BEGIN EXTRACTED DATA

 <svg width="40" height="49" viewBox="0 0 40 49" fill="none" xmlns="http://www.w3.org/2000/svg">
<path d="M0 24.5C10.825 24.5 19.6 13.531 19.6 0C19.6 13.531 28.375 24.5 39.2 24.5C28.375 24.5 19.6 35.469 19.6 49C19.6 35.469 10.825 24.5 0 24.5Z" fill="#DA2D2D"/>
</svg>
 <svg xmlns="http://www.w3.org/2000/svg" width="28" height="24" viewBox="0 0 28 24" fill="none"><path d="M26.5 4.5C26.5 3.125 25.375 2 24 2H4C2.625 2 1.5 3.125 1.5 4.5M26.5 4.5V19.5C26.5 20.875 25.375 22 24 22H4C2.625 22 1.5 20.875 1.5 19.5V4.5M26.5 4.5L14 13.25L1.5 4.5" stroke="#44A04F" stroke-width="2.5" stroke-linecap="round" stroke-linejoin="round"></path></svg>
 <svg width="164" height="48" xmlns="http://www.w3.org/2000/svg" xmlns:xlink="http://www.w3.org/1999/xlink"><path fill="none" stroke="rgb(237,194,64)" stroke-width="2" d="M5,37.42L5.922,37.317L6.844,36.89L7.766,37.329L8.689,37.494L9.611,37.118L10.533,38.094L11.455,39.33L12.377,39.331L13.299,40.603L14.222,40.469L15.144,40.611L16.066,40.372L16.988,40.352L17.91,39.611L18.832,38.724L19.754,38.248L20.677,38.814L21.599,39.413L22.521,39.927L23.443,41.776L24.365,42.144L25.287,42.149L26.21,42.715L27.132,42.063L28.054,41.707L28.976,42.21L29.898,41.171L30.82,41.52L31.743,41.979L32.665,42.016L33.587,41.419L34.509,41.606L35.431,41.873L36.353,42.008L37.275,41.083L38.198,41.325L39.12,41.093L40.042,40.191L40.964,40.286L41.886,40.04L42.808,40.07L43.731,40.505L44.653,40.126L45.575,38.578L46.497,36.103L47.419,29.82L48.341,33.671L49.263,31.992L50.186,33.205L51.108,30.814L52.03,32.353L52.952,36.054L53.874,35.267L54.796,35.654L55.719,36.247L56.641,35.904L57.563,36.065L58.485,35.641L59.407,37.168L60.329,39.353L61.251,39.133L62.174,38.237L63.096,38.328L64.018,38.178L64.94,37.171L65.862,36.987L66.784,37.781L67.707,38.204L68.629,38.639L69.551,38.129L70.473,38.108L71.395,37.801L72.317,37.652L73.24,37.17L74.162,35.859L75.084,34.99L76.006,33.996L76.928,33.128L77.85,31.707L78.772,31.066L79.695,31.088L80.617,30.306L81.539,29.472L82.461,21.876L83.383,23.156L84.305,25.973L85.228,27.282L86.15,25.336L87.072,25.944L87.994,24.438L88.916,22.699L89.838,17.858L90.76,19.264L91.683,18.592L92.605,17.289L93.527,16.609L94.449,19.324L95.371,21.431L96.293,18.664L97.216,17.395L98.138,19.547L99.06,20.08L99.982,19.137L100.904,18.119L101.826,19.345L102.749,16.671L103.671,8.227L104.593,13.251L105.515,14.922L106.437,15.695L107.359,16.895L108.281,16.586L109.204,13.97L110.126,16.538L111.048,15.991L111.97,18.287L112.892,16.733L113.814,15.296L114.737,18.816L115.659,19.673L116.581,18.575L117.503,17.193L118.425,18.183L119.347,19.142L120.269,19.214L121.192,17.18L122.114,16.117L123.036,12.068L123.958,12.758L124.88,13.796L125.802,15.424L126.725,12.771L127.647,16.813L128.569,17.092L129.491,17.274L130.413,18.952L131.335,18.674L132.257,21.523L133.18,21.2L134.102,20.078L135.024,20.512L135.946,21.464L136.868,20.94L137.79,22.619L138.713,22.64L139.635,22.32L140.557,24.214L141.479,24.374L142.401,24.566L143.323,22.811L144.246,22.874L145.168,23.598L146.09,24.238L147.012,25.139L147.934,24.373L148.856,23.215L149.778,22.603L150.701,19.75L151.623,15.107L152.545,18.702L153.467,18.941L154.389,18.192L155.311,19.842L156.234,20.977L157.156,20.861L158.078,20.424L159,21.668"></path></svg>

END EXTRACTED DATA

WHAT YOU SHOULD DO
Please, from the material above, copy only the lines from the line with "24.5C10.825 24.5 19.6" up to and including the line with "4.5C26.5 3.125 25.375", exactly as written.

RESULT BELOW
<path d="M0 24.5C10.825 24.5 19.6 13.531 19.6 0C19.6 13.531 28.375 24.5 39.2 24.5C28.375 24.5 19.6 35.469 19.6 49C19.6 35.469 10.825 24.5 0 24.5Z" fill="#DA2D2D"/>
</svg>
 <svg xmlns="http://www.w3.org/2000/svg" width="28" height="24" viewBox="0 0 28 24" fill="none"><path d="M26.5 4.5C26.5 3.125 25.375 2 24 2H4C2.625 2 1.5 3.125 1.5 4.5M26.5 4.5V19.5C26.5 20.875 25.375 22 24 22H4C2.625 22 1.5 20.875 1.5 19.5V4.5M26.5 4.5L14 13.25L1.5 4.5" stroke="#44A04F" stroke-width="2.5" stroke-linecap="round" stroke-linejoin="round"></path></svg>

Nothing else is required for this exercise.